* Goal of the exercise
Pick every line from the data that holds the word "directions".

** Opening Task data block **

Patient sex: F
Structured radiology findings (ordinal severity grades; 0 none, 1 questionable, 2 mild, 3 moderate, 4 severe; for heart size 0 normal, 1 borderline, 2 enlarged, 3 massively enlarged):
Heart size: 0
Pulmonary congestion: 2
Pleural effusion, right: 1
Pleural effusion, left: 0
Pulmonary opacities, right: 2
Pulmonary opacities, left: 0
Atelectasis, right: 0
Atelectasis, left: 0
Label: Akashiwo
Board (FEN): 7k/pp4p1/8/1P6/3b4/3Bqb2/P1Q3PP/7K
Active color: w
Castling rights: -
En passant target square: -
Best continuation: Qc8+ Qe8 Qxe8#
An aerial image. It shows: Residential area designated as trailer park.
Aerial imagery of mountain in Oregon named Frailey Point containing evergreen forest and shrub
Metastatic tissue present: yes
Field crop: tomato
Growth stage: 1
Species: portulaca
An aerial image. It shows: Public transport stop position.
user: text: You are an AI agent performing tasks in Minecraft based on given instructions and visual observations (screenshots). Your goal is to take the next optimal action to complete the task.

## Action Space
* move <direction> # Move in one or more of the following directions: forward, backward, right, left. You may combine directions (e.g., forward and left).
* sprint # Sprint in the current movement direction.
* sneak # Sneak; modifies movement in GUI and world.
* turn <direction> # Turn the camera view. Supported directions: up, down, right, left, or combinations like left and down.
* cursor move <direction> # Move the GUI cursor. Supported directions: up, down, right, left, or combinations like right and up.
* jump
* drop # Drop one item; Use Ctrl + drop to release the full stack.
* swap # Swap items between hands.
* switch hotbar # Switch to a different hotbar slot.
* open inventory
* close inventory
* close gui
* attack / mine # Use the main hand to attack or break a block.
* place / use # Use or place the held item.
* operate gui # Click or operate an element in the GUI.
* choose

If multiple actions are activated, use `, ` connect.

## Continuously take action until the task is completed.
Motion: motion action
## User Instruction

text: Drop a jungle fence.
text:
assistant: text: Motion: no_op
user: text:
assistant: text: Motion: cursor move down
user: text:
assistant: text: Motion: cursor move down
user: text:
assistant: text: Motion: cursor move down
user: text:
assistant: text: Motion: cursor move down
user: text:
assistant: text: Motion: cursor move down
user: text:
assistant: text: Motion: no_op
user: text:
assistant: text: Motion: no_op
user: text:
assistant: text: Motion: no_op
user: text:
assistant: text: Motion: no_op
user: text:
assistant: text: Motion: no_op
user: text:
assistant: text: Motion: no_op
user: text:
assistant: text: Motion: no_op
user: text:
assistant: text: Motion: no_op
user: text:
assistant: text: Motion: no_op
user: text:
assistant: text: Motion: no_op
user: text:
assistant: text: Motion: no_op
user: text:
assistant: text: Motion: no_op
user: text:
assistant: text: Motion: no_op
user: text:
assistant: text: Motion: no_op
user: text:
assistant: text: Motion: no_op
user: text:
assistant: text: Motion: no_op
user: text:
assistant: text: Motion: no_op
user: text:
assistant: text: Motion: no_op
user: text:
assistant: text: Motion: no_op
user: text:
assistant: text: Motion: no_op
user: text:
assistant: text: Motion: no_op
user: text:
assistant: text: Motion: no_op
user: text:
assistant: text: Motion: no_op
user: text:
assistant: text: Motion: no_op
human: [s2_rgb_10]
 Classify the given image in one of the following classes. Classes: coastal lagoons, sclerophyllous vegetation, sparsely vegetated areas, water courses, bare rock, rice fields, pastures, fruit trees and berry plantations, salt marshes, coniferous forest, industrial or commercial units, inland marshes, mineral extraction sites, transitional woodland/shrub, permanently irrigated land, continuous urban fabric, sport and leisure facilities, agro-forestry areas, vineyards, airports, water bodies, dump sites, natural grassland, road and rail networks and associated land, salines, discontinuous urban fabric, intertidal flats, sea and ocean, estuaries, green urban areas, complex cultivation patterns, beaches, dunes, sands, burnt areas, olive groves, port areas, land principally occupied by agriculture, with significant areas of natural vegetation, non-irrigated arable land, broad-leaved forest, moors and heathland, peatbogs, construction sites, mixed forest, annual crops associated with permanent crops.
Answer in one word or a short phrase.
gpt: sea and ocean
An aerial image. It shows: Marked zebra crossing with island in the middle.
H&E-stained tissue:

** Closing Task data block **

* Final answer
* move <direction> # Move in one or more of the following directions: forward, backward, right, left. You may combine directions (e.g., forward and left).
* turn <direction> # Turn the camera view. Supported directions: up, down, right, left, or combinations like left and down.
* cursor move <direction> # Move the GUI cursor. Supported directions: up, down, right, left, or combinations like right and up.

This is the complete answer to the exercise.